= Alexander Lewis (actor) =

English-Australian musical theatre actor

Alexander Lewis is an English-Australian operatic tenor and musical theatre actor who has performed in many countries.

==Early life and education==
Alexander Lewis spent the early years of his life in Hampstead, London, initially observing his opera-singer parents before eventually joining the St Albans Cathedral Choir at the age of seven. His father, the baritone Michael Lewis, is an opera singer and concert performer and his mother Patricia Price is a mezzo-soprano from Wales and the retired head of vocal studies and opera at the Western Australian Academy of Performing Arts. His late older brother, Ben Lewis, was known for his portrayals of The Phantom in Andrew Lloyd Webber’s Love Never Dies and The Phantom of the Opera.

Lewis's parents used their industry contacts to fund-raise for South Warrawee Primary School in Sydney, which both Alexander and Ben attended. Richard Bonynge was generally the conductor and the performers were whoever was available at the time from the Australian Opera. The concerts continue to this day and a prize named after Lewis's parents is awarded to one of the school's music students.

After the family moved back to Australia, Lewis attended Newington College in Sydney, where he studied music and drama as well as played sport. After high school, Lewis successfully applied to study at the Western Australian Academy of Performing Arts (WAAPA) with brother Ben. Both graduated from the Music Theatre course in 2004. and Alexander was awarded the Lesley Anderson Fellowship as most outstanding student of that year.

==Career==
In 2001, Lewis appeared in the Sydney Festival with the Australian Theatre for Young People. In 2002, he featured in the Prime Minister's Australia Day celebrations.

In the 2008 Australian production of Andrew Lloyd Webber's The Phantom of the Opera saw Lewis cast as Raoul, Vicomte de Chagny opposite Ana Marina and Anthony Warlow. Eventually Lewis was cast as the understudy for The Phantom and covered the role in Warlow's absences from late 2008 to 2009. Lewis won the Australian National Aria Competition in 2009 and followed that up with second place in the McDonald's Aria Competition and then first place in the 2010 Sir Robert Askin Fellowship.

Based in New York, and in his second year of the Lindemann Young Artist Development Program, Lewis performed in the 2011/2012 and 2012/2013 Metropolitan Opera seasons. Lewis has played numerous stage roles such as Anthony Hope in Sweeney Todd, Nemorino in L'elisir d'amore, Frederick Barrett in the musical Titanic and Vašek in The Bartered Bride in a joint production of the Metropolitan Opera and the Juilliard School conducted by James Levine.

He sang in the world premiere of Matthew Aucoin's opera Crossing in 2015.

He sang Count Danilo in Opera Australia's production of The Merry Widow opposite Danielle de Niese in 2017/2018 in Melbourne and Sydney. In 2019, Lewis performed as Tony in Francesca Zambello's production of West Side Story for Opera Australia's Handa Opera on the Harbour.

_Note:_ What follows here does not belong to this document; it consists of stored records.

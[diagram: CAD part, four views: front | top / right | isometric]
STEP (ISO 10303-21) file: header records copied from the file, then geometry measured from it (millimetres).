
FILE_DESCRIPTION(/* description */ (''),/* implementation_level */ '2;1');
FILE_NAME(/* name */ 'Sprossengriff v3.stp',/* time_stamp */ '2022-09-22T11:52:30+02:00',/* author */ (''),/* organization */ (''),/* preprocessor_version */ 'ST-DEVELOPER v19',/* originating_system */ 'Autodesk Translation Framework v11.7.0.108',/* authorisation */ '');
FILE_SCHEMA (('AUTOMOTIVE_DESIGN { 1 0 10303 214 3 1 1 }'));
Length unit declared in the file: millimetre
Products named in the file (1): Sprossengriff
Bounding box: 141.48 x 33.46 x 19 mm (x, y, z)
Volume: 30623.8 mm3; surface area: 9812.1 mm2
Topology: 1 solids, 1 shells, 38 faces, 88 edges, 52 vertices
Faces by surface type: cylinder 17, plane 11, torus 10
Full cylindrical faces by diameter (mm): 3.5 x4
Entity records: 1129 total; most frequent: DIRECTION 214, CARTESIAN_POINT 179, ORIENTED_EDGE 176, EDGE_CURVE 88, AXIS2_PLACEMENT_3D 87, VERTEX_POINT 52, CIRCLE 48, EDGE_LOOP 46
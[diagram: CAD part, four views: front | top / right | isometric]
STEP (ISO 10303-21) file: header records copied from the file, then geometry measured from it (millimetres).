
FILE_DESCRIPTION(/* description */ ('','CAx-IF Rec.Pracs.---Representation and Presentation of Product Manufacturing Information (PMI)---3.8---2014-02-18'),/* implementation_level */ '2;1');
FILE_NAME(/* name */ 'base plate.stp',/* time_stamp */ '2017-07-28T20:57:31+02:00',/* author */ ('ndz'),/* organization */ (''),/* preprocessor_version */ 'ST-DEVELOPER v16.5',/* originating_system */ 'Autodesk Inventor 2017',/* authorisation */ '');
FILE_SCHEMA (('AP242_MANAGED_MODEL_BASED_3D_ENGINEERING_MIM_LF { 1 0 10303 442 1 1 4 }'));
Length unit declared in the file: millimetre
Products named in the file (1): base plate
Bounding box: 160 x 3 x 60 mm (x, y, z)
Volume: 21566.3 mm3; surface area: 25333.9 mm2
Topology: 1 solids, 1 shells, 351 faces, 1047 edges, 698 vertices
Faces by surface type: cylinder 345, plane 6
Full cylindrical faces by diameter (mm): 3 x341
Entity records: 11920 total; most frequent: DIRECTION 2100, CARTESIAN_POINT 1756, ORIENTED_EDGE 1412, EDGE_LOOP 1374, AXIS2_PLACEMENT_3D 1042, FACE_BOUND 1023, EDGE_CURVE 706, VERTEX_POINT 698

In September 2018, he took the part of Candide in a production of the operetta Candide, directed by Mitchell Butel and staged at the Sydney Opera House with the Sydney Philharmonia Choirs, Sydney Youth Orchestra, and stars from Opera Australia. Annie Aitken played Cunegonde, and Caroline O'Connor The Old Lady. Butel also played Dr Pangloss and narrated the story In May 2024, he reprised his role as Candide in a co-production by the State Theatre Company South Australia (STCSA) and State Opera South Australia in Adelaide, again under the direction of now STCSA director Mitchell Butel, and again with Aitken and O'Connor. In November 2019, he portrayed Tateh in Ragtime at the State Theatre.

==Other activities==
Away from the stage, Lewis has appeared on Australian television in the series headLand, and has featured in fundraising events for charities such as the Royal Flying Doctor Service and the Royal Institute for Deaf and Blind Children.

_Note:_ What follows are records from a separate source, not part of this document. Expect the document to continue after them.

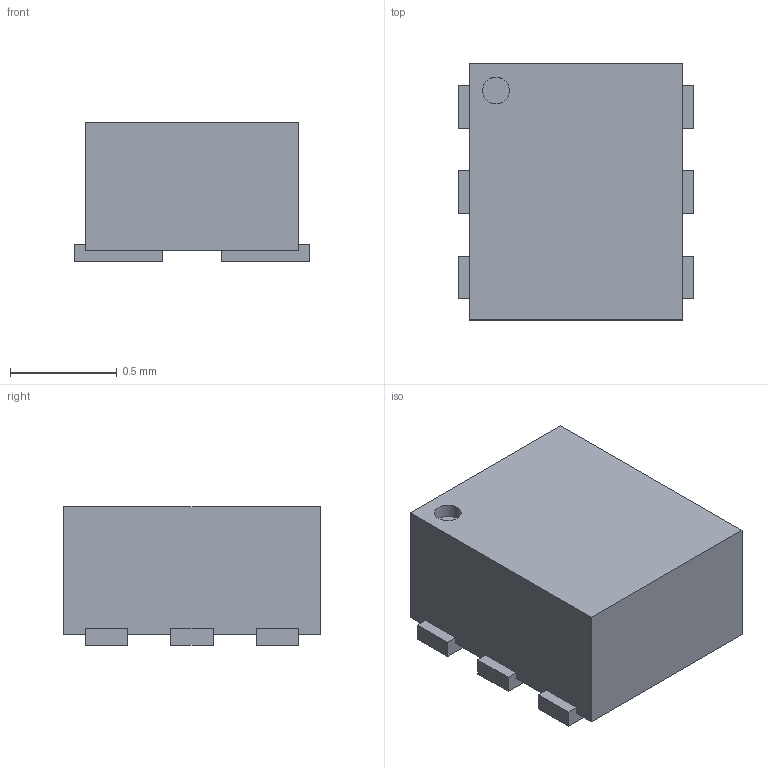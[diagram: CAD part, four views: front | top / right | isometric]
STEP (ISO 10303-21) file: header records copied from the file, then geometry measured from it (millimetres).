
FILE_DESCRIPTION(('FreeCAD Model'),'2;1');
FILE_NAME('554591.2.1.stp','2020-04-09T00:07:06',( 'Author'),(''),'Open CASCADE STEP processor 6.9','FreeCAD','Unknown' );
FILE_SCHEMA(('AUTOMOTIVE_DESIGN { 1 0 10303 214 1 1 1 1 }'));
Length unit declared in the file: millimetre
Products named in the file (3): ASSEMBLY; Body; PinsArrayLR
Assembly tree (2 placements, depth 2):
  ASSEMBLY
    Body
    PinsArrayLR
Bounding box: 1.1 x 1.2 x 0.65 mm (x, y, z)
Volume: 0.8 mm3; surface area: 6.7 mm2
Topology: 7 solids, 7 shells, 44 faces, 87 edges, 58 vertices
Faces by surface type: plane 43, cylinder 1
Full cylindrical faces by diameter (mm): 0.125 x1
Entity records: 2345 total; most frequent: CARTESIAN_POINT 366, DIRECTION 357, LINE 257, VECTOR 257, ORIENTED_EDGE 174, PCURVE 174, DEFINITIONAL_REPRESENTATION 174, EDGE_CURVE 87
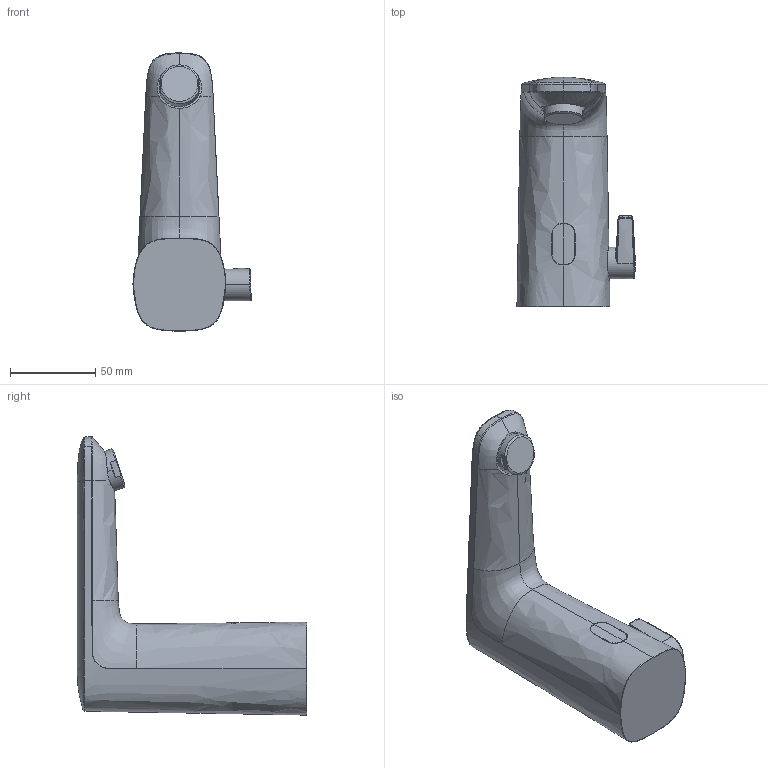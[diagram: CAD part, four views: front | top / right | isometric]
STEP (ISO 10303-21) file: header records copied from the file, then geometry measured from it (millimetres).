
FILE_DESCRIPTION (( 'STEP AP203' ), '1' );
FILE_NAME ('92002009(2023)+92002219(2023)+92102009(2023)+92102219(2023)+92202009(2023)+92202219(2023)+92302239(2023)+921022190004(2023)+921022190005(2023).STEP', '2023-04-27T05:08:33', ( '' ), ( '' ), 'SwSTEP 2.0', 'SolidWorks 2016', '' );
FILE_SCHEMA (( 'CONFIG_CONTROL_DESIGN' ));
Length unit declared in the file: millimetre
Products named in the file (1): 92002009(2023)+92002219(2023)+92102009(2023)+92102219(2023)+92202009(2023)+92202219(2023)+92302239(2023)+921022190004(2023)+921022190005(2023)
Bounding box: 69.29 x 134.6 x 163.16 mm (x, y, z)
Volume: 401772.2 mm3; surface area: 40784.9 mm2
Topology: 1 solids, 1 shells, 152 faces, 371 edges, 221 vertices
Faces by surface type: bspline 119, plane 18, cylinder 13, cone 2
Entity records: 19986 total; most frequent: CARTESIAN_POINT 17276, ORIENTED_EDGE 736, EDGE_CURVE 368, DIRECTION 253, B_SPLINE_CURVE_WITH_KNOTS 235, VERTEX_POINT 221, EDGE_LOOP 155, ADVANCED_FACE 152

==Awards and recognition==
In 2001, Lewis was a finalist in the Australian Singing Competition's Mathy Awards.

In 2006, Lewis was the winner of Opera Foundation Australia's New York Study Award and spent six weeks studying in New York City, attending rehearsals and performances. At the end of the six-week period, Lewis was given the opportunity to perform for members of the Metropolitan Opera audition panel.

In 2007 he was a finalist in the competition Neue Stimmen in Germany.

Other awards and recognition include the Australian National Aria Competition in 2009 and the Sir Robert Askin Fellowship in 2010.